> **Materials provided**:
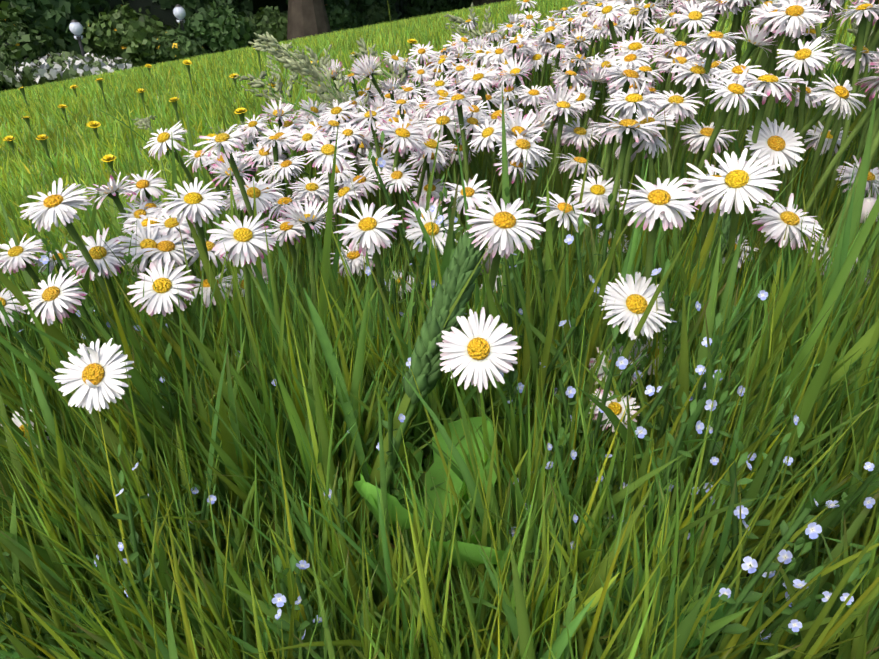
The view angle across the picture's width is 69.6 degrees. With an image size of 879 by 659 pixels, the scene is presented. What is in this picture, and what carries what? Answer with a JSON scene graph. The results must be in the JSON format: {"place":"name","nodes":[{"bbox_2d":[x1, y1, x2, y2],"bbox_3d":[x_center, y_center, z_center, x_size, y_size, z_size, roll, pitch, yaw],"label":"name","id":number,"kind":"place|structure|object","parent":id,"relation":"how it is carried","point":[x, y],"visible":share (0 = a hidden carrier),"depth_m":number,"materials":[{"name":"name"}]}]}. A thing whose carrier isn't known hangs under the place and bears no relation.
{"place":"outdoors","nodes":[
{"label":"outdoors","id":0,"kind":"place"},
{"bbox_2d":[0,0,878,658],"bbox_3d":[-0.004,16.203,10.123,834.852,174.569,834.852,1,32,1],"label":"lawn","id":1,"kind":"structure","parent":0,"point":[158,173],"depth_m":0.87,"materials":[{"name":"green plant"}]},
{"bbox_2d":[69,20,84,55],"bbox_3d":[-4.876,-3.811,8.634,0.170,0.755,0.170,1,32,1],"label":"garden lamp","id":2,"kind":"object","parent":1,"relation":"on","point":[76,28],"visible":0.85,"depth_m":8.47,"materials":[{"name":"grey glass"}]},
{"bbox_2d":[173,4,185,30],"bbox_3d":[-3.708,-4.285,9.163,0.170,0.755,0.170,1,32,1],"label":"garden lamp","id":3,"kind":"object","parent":1,"relation":"on","point":[179,12],"visible":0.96,"depth_m":8.98,"materials":[{"name":"grey glass"}]},
{"bbox_2d":[3,39,416,181],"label":"dandelions","id":4,"kind":"object","parent":1,"relation":"on","point":[110,158],"visible":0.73,"depth_m":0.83,"materials":[{"name":"yellow plant"}]},
{"bbox_2d":[0,0,453,91],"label":"flower bed shrubs","id":5,"kind":"object","parent":1,"relation":"on","point":[123,37],"visible":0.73,"depth_m":8.96,"materials":[{"name":"green plant"}]},
{"bbox_2d":[0,0,472,57],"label":"hedge","id":6,"kind":"object","parent":1,"relation":"on","point":[59,16],"visible":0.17,"depth_m":9.46,"materials":[{"name":"green plant"}]},
{"bbox_2d":[287,0,330,40],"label":"tree","id":7,"kind":"object","parent":1,"relation":"on","point":[307,18],"visible":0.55,"depth_m":9.03,"materials":[{"name":"brown plant"}]},
{"bbox_2d":[0,131,878,658],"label":"flowers","id":8,"kind":"object","parent":1,"relation":"on","point":[368,491],"visible":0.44,"depth_m":0.16,"materials":[{"name":"green plant"}]},
{"bbox_2d":[0,0,878,497],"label":"daisies","id":9,"kind":"object","parent":1,"relation":"on","point":[482,348],"visible":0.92,"depth_m":0.23,"materials":[{"name":"white plant"}]},
{"bbox_2d":[92,2,872,547],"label":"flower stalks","id":10,"kind":"object","parent":1,"relation":"on","point":[426,356],"depth_m":0.18,"materials":[{"name":"green plant"}]},
{"bbox_2d":[659,0,678,26],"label":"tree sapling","id":11,"kind":"object","parent":1,"relation":"on","point":[668,8],"depth_m":0.96,"materials":[{"name":"green plant"}]},
{"bbox_2d":[472,0,511,7],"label":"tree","id":12,"kind":"object","parent":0,"point":[476,3],"visible":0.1,"depth_m":13.87,"materials":[{"name":"green plant"}]}
]}

> **What to do**:
Without the images, write out each line of the data verbatim.

> **Your response**:
The view angle across the picture's width is 69.6 degrees. With an image size of 879 by 659 pixels, the scene is presented. What is in this picture, and what carries what? Answer with a JSON scene graph. The results must be in the JSON format: {"place":"name","nodes":[{"bbox_2d":[x1, y1, x2, y2],"bbox_3d":[x_center, y_center, z_center, x_size, y_size, z_size, roll, pitch, yaw],"label":"name","id":number,"kind":"place|structure|object","parent":id,"relation":"how it is carried","point":[x, y],"visible":share (0 = a hidden carrier),"depth_m":number,"materials":[{"name":"name"}]}]}. A thing whose carrier isn't known hangs under the place and bears no relation.
{"place":"outdoors","nodes":[
{"label":"outdoors","id":0,"kind":"place"},
{"bbox_2d":[0,0,878,658],"bbox_3d":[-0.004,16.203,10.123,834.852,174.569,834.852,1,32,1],"label":"lawn","id":1,"kind":"structure","parent":0,"point":[158,173],"depth_m":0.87,"materials":[{"name":"green plant"}]},
{"bbox_2d":[69,20,84,55],"bbox_3d":[-4.876,-3.811,8.634,0.170,0.755,0.170,1,32,1],"label":"garden lamp","id":2,"kind":"object","parent":1,"relation":"on","point":[76,28],"visible":0.85,"depth_m":8.47,"materials":[{"name":"grey glass"}]},
{"bbox_2d":[173,4,185,30],"bbox_3d":[-3.708,-4.285,9.163,0.170,0.755,0.170,1,32,1],"label":"garden lamp","id":3,"kind":"object","parent":1,"relation":"on","point":[179,12],"visible":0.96,"depth_m":8.98,"materials":[{"name":"grey glass"}]},
{"bbox_2d":[3,39,416,181],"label":"dandelions","id":4,"kind":"object","parent":1,"relation":"on","point":[110,158],"visible":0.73,"depth_m":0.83,"materials":[{"name":"yellow plant"}]},
{"bbox_2d":[0,0,453,91],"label":"flower bed shrubs","id":5,"kind":"object","parent":1,"relation":"on","point":[123,37],"visible":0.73,"depth_m":8.96,"materials":[{"name":"green plant"}]},
{"bbox_2d":[0,0,472,57],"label":"hedge","id":6,"kind":"object","parent":1,"relation":"on","point":[59,16],"visible":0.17,"depth_m":9.46,"materials":[{"name":"green plant"}]},
{"bbox_2d":[287,0,330,40],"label":"tree","id":7,"kind":"object","parent":1,"relation":"on","point":[307,18],"visible":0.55,"depth_m":9.03,"materials":[{"name":"brown plant"}]},
{"bbox_2d":[0,131,878,658],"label":"flowers","id":8,"kind":"object","parent":1,"relation":"on","point":[368,491],"visible":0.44,"depth_m":0.16,"materials":[{"name":"green plant"}]},
{"bbox_2d":[0,0,878,497],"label":"daisies","id":9,"kind":"object","parent":1,"relation":"on","point":[482,348],"visible":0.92,"depth_m":0.23,"materials":[{"name":"white plant"}]},
{"bbox_2d":[92,2,872,547],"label":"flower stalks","id":10,"kind":"object","parent":1,"relation":"on","point":[426,356],"depth_m":0.18,"materials":[{"name":"green plant"}]},
{"bbox_2d":[659,0,678,26],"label":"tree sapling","id":11,"kind":"object","parent":1,"relation":"on","point":[668,8],"depth_m":0.96,"materials":[{"name":"green plant"}]},
{"bbox_2d":[472,0,511,7],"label":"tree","id":12,"kind":"object","parent":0,"point":[476,3],"visible":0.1,"depth_m":13.87,"materials":[{"name":"green plant"}]}
]}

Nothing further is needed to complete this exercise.